— The problem —
In the data that follows, how many lines include the string "leans"? Answer with the number alone.

— Data to process —

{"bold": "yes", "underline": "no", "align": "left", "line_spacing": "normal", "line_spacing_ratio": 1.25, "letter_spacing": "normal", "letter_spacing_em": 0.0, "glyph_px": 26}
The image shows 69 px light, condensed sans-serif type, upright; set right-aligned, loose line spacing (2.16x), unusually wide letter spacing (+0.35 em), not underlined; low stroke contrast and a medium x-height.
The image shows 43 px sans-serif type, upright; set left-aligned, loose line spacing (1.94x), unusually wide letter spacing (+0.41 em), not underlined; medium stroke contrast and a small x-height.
--
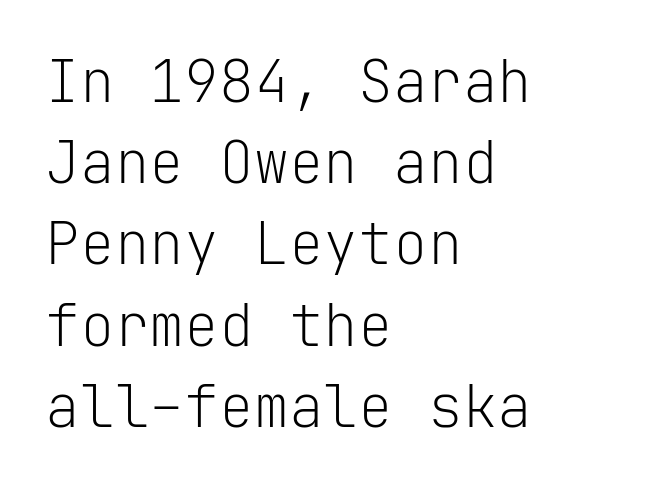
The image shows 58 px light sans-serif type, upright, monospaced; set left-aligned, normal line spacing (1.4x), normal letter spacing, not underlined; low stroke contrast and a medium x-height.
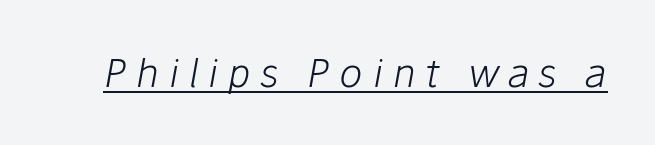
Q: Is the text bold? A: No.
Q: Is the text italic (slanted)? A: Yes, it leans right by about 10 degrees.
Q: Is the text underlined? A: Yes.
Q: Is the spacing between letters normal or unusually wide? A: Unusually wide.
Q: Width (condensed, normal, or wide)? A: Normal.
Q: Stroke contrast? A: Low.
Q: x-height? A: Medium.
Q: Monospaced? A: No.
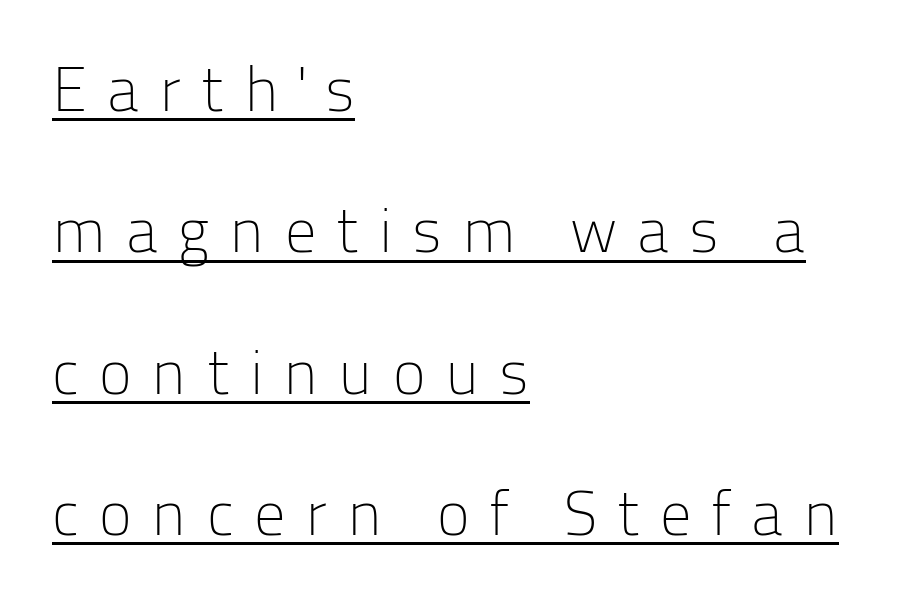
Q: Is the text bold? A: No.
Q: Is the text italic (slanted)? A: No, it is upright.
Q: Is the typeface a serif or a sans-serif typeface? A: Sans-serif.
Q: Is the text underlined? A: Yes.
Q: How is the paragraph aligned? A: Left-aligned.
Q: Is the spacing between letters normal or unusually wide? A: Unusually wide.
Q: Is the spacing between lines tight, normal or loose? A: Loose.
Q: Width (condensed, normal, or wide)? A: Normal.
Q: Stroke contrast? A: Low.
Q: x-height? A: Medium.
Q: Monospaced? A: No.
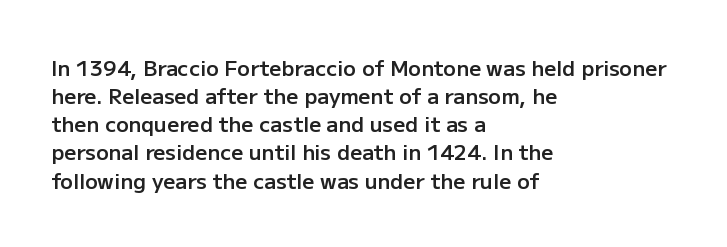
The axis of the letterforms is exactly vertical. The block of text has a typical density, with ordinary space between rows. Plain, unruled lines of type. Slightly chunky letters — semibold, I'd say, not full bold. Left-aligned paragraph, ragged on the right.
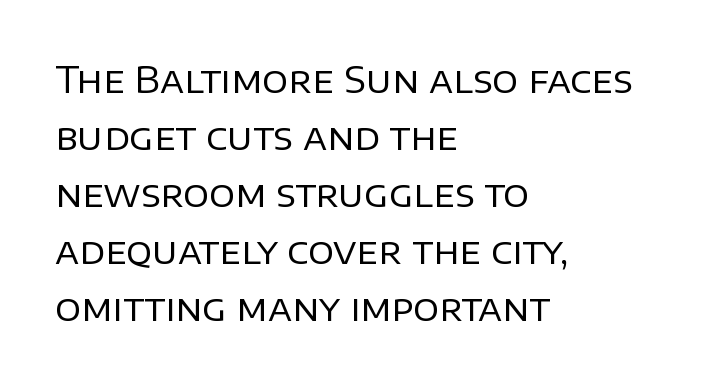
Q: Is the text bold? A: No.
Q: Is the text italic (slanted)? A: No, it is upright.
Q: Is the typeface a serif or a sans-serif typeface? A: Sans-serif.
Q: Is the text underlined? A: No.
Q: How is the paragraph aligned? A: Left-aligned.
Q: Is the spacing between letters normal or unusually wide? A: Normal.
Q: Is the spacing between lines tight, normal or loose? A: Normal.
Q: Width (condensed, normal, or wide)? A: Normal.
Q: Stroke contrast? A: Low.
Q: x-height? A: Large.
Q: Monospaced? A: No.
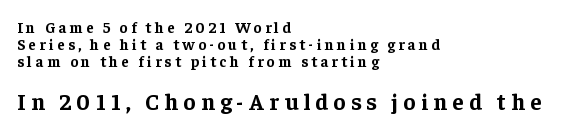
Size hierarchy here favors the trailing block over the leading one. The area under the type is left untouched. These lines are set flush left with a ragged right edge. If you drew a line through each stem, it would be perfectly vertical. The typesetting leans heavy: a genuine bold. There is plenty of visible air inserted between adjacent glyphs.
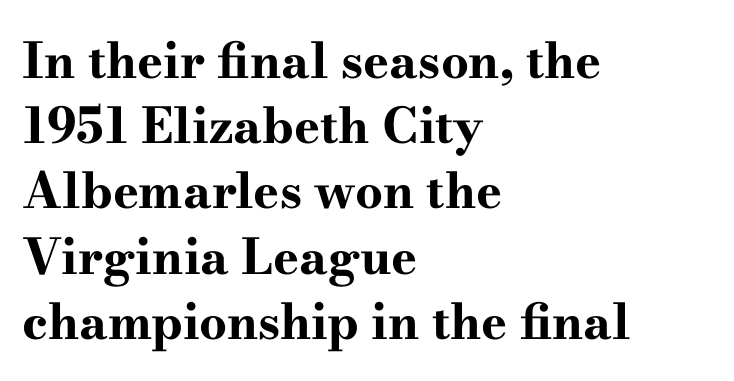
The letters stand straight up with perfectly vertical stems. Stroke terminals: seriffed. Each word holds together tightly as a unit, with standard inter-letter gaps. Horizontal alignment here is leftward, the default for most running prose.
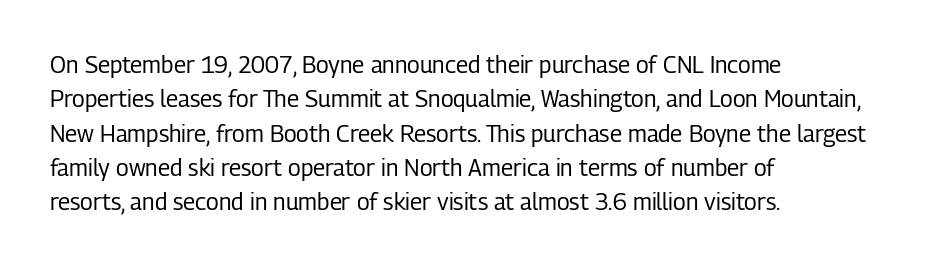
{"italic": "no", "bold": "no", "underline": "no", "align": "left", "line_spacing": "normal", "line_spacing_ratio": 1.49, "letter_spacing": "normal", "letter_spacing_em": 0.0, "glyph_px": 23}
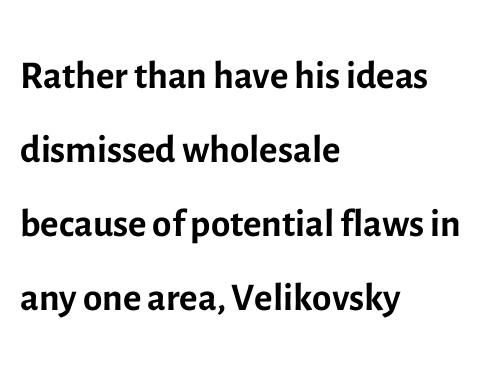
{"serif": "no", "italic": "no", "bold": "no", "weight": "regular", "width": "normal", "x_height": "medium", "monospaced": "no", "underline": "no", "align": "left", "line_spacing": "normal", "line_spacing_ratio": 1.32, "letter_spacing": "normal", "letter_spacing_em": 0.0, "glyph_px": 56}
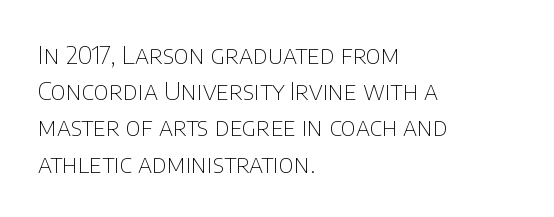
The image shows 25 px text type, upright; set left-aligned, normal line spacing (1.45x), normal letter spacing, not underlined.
==
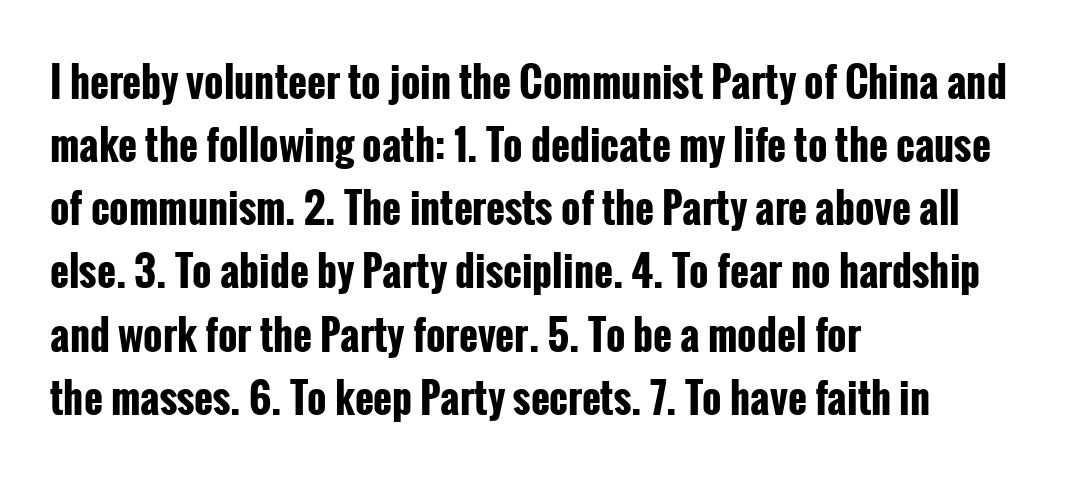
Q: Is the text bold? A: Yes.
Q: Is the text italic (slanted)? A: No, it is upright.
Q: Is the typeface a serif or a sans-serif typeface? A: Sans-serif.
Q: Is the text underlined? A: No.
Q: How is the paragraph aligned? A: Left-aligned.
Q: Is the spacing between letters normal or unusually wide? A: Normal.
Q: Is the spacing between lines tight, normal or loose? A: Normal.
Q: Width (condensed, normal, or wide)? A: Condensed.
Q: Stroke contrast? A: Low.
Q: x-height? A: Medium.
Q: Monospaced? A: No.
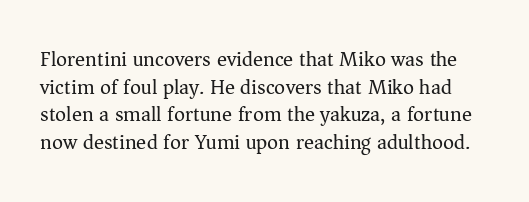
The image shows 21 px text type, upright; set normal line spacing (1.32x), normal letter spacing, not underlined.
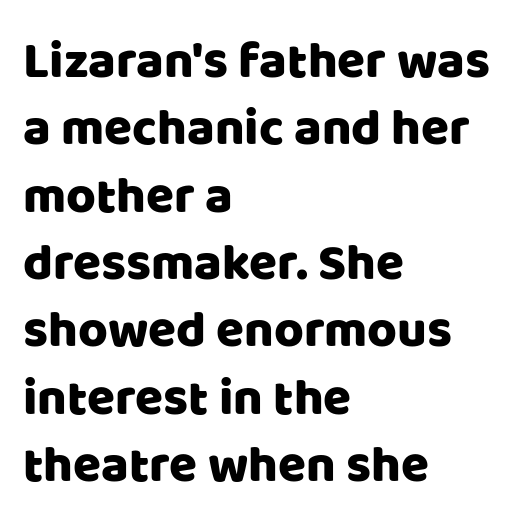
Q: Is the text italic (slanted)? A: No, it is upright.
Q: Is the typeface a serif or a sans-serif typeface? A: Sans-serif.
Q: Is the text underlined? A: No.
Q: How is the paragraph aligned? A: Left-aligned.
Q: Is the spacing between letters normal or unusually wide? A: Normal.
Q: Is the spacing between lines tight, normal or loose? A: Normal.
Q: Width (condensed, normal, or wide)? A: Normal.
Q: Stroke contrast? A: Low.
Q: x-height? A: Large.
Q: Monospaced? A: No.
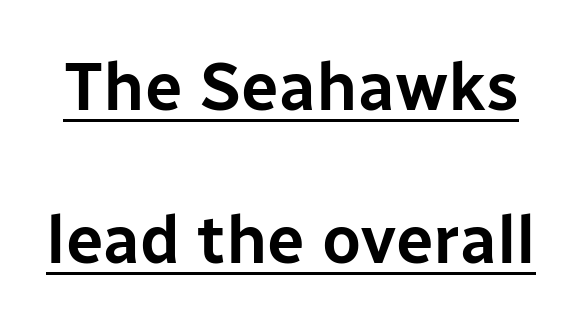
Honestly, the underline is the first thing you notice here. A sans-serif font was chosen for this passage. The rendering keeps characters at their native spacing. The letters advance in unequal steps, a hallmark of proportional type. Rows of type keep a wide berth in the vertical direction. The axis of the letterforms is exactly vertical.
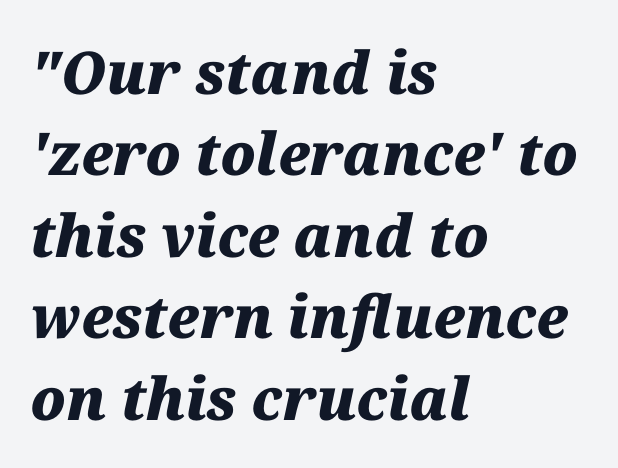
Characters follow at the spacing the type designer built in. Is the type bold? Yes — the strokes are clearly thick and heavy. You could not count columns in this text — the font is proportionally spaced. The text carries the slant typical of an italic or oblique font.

— Response area —
2